§ **Task description**
Nothing but the lines from the one containing "land cover: Rice" to the end of the data should be returned, each exactly as written.

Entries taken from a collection
== == ==

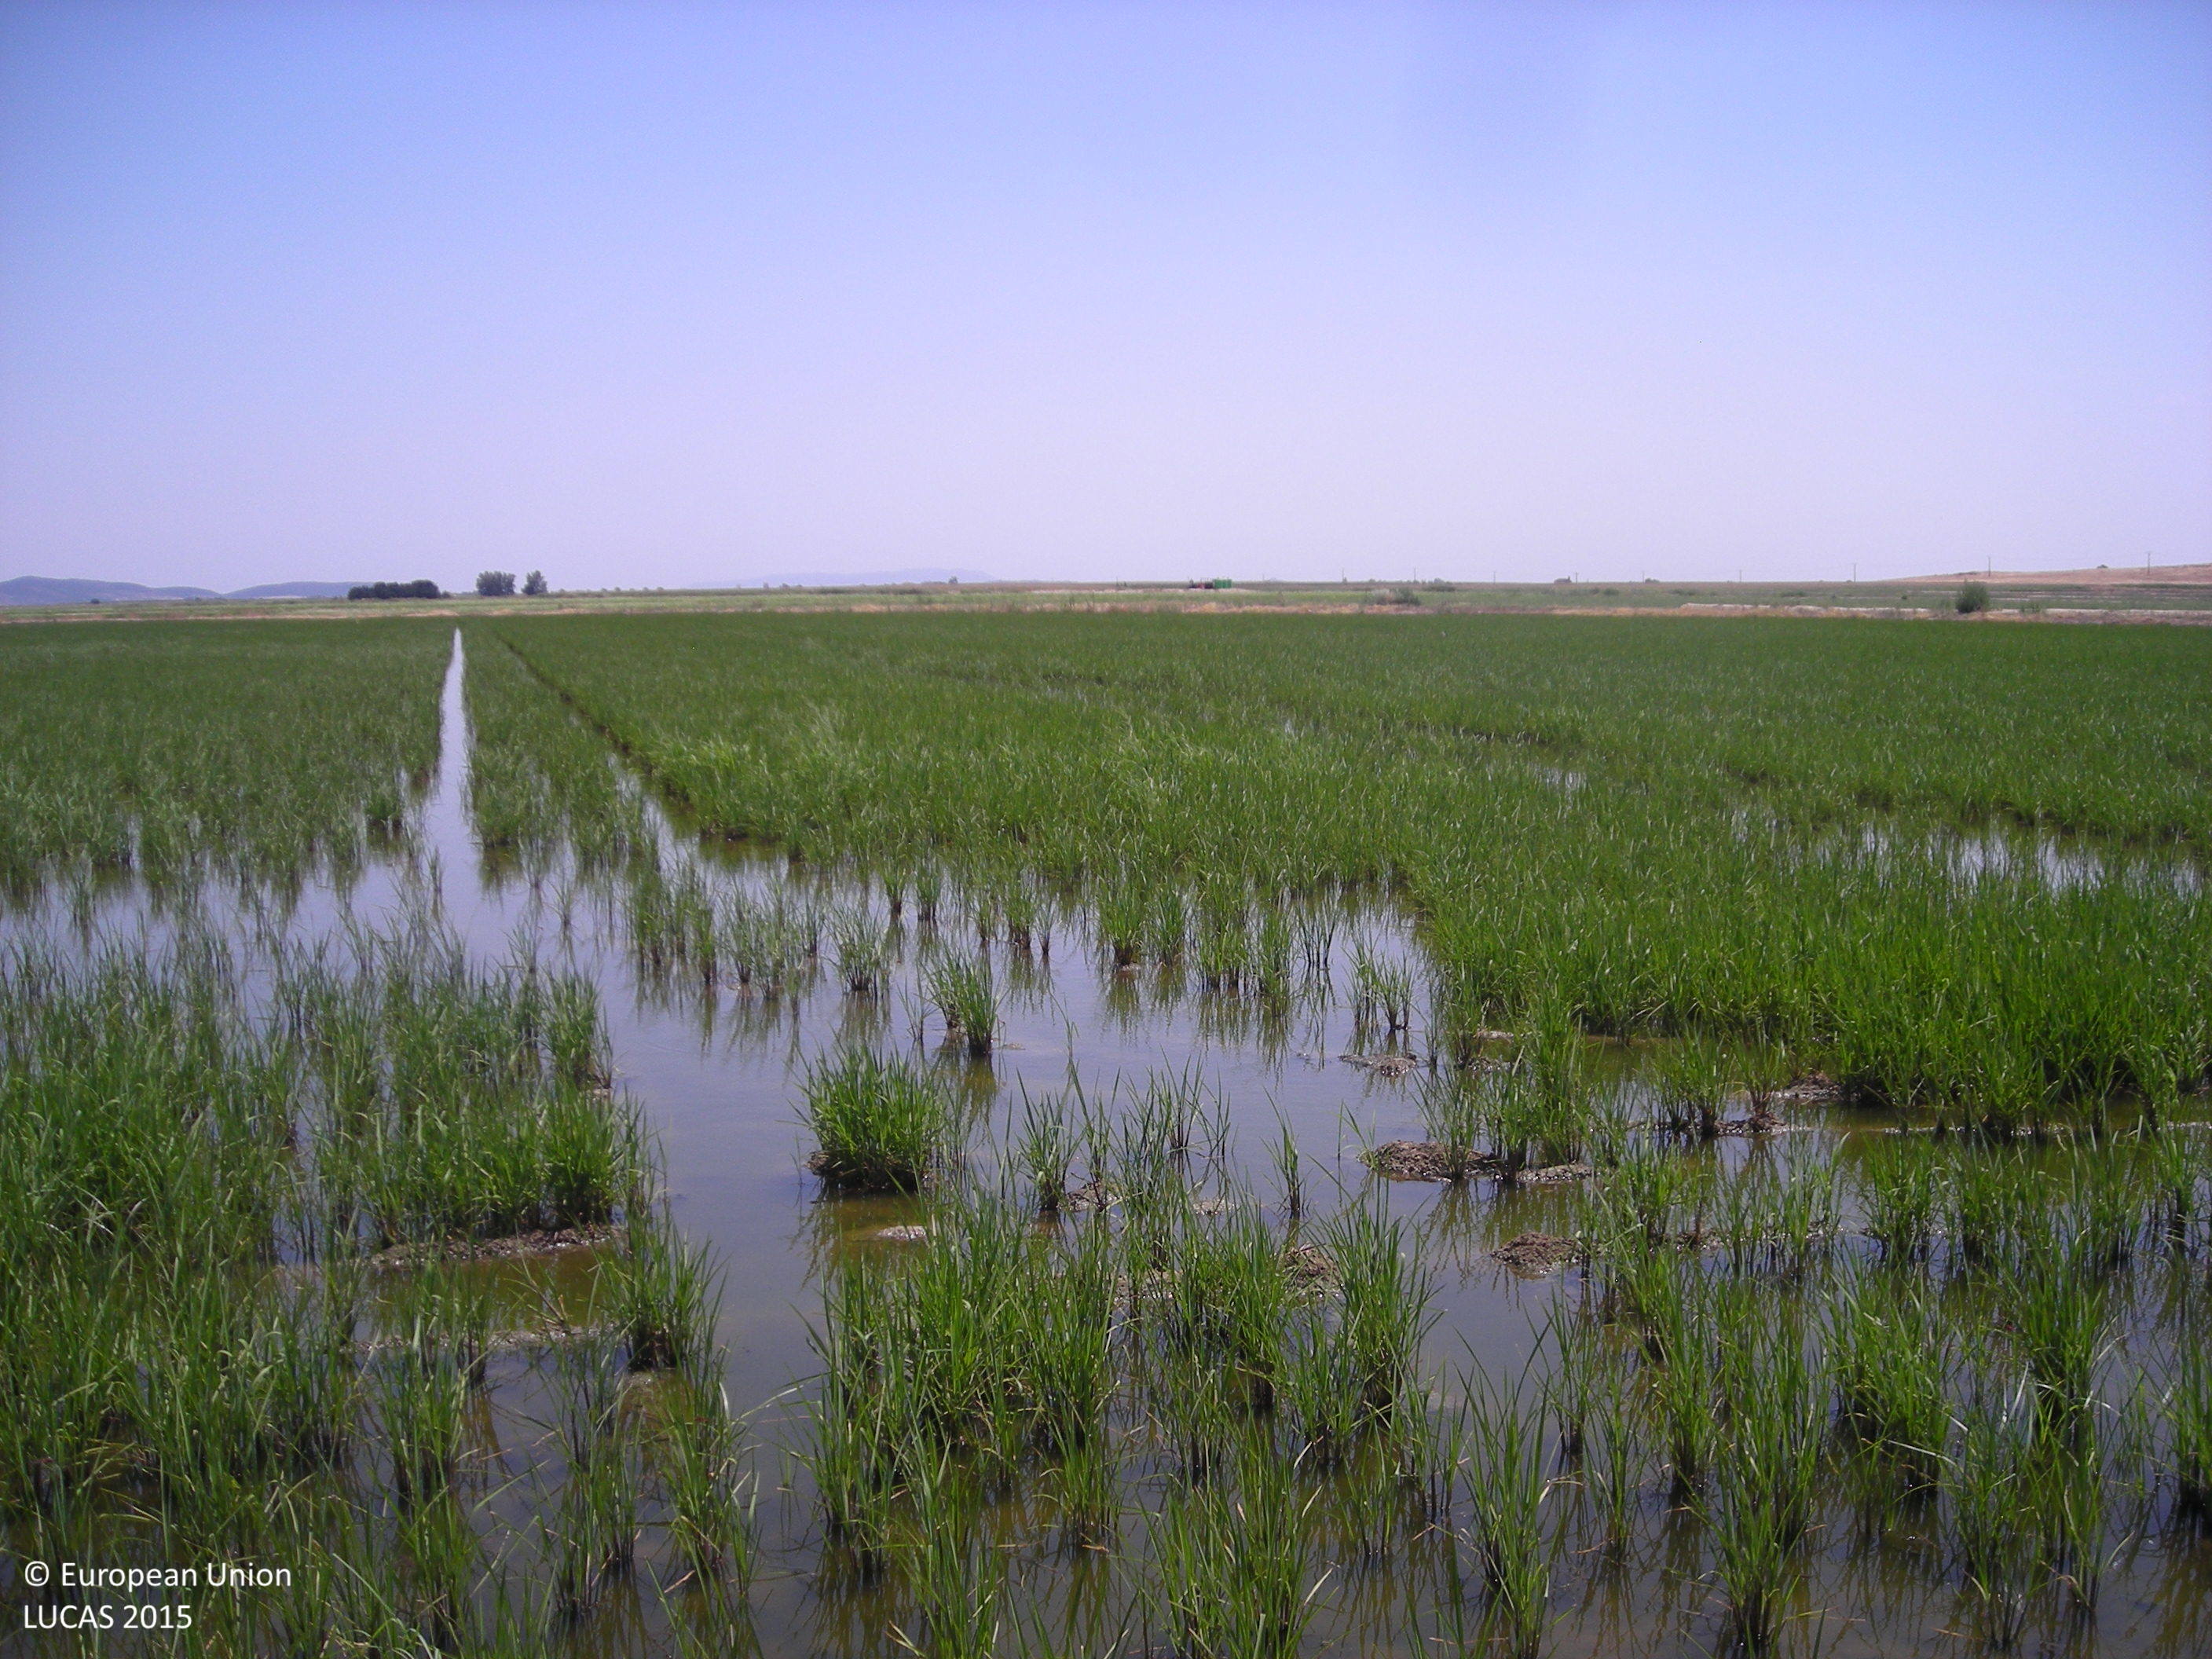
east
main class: Cropland
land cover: Rice
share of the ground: > 75 %
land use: Agriculture (excluding fallow land and kitchen gardens)
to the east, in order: Rice; Grass margins; Tracks; Grass margins; Ditches and canals; Tomatoes; Grass margins; Rice
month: July
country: ES
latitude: 39.0215
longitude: -5.9803

== == ==

§ **Solved problem**
land cover: Rice
share of the ground: > 75 %
land use: Agriculture (excluding fallow land and kitchen gardens)
to the east, in order: Rice; Grass margins; Tracks; Grass margins; Ditches and canals; Tomatoes; Grass margins; Rice
month: July
country: ES
latitude: 39.0215
longitude: -5.9803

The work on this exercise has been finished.